┌──
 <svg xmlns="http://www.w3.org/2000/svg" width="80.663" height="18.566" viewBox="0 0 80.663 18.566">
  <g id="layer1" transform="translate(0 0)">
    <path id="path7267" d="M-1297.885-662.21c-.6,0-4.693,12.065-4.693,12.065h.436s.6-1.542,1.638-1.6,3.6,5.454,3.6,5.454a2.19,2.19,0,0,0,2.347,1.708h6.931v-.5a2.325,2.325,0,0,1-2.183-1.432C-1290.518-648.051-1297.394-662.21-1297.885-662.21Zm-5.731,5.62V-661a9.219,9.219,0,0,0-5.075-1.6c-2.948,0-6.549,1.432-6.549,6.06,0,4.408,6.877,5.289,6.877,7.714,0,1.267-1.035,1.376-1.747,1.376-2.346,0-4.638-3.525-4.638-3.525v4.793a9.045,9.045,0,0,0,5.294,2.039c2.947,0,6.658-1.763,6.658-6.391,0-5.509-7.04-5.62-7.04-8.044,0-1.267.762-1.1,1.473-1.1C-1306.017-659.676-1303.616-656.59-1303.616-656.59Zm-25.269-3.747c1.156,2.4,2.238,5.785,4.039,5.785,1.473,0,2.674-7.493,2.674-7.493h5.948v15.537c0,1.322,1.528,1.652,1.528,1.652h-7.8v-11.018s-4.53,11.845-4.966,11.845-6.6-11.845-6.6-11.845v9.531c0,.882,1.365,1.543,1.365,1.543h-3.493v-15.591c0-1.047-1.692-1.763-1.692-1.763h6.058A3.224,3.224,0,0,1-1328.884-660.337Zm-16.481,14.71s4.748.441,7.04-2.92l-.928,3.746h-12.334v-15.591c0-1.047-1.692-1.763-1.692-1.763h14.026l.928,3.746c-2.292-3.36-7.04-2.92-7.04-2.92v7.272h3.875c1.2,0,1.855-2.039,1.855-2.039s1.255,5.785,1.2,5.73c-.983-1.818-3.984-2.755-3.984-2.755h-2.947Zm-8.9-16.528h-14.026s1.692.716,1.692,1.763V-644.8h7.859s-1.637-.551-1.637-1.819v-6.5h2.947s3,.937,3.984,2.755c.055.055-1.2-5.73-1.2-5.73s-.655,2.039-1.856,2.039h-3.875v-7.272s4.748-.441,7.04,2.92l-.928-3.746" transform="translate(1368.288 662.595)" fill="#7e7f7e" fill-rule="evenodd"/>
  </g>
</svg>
└──
Exercise goal: Every line of the listing is to be transcribed exactly.

Response:
 <svg xmlns="http://www.w3.org/2000/svg" width="80.663" height="18.566" viewBox="0 0 80.663 18.566">
  <g id="layer1" transform="translate(0 0)">
    <path id="path7267" d="M-1297.885-662.21c-.6,0-4.693,12.065-4.693,12.065h.436s.6-1.542,1.638-1.6,3.6,5.454,3.6,5.454a2.19,2.19,0,0,0,2.347,1.708h6.931v-.5a2.325,2.325,0,0,1-2.183-1.432C-1290.518-648.051-1297.394-662.21-1297.885-662.21Zm-5.731,5.62V-661a9.219,9.219,0,0,0-5.075-1.6c-2.948,0-6.549,1.432-6.549,6.06,0,4.408,6.877,5.289,6.877,7.714,0,1.267-1.035,1.376-1.747,1.376-2.346,0-4.638-3.525-4.638-3.525v4.793a9.045,9.045,0,0,0,5.294,2.039c2.947,0,6.658-1.763,6.658-6.391,0-5.509-7.04-5.62-7.04-8.044,0-1.267.762-1.1,1.473-1.1C-1306.017-659.676-1303.616-656.59-1303.616-656.59Zm-25.269-3.747c1.156,2.4,2.238,5.785,4.039,5.785,1.473,0,2.674-7.493,2.674-7.493h5.948v15.537c0,1.322,1.528,1.652,1.528,1.652h-7.8v-11.018s-4.53,11.845-4.966,11.845-6.6-11.845-6.6-11.845v9.531c0,.882,1.365,1.543,1.365,1.543h-3.493v-15.591c0-1.047-1.692-1.763-1.692-1.763h6.058A3.224,3.224,0,0,1-1328.884-660.337Zm-16.481,14.71s4.748.441,7.04-2.92l-.928,3.746h-12.334v-15.591c0-1.047-1.692-1.763-1.692-1.763h14.026l.928,3.746c-2.292-3.36-7.04-2.92-7.04-2.92v7.272h3.875c1.2,0,1.855-2.039,1.855-2.039s1.255,5.785,1.2,5.73c-.983-1.818-3.984-2.755-3.984-2.755h-2.947Zm-8.9-16.528h-14.026s1.692.716,1.692,1.763V-644.8h7.859s-1.637-.551-1.637-1.819v-6.5h2.947s3,.937,3.984,2.755c.055.055-1.2-5.73-1.2-5.73s-.655,2.039-1.856,2.039h-3.875v-7.272s4.748-.441,7.04,2.92l-.928-3.746" transform="translate(1368.288 662.595)" fill="#7e7f7e" fill-rule="evenodd"/>
  </g>
</svg>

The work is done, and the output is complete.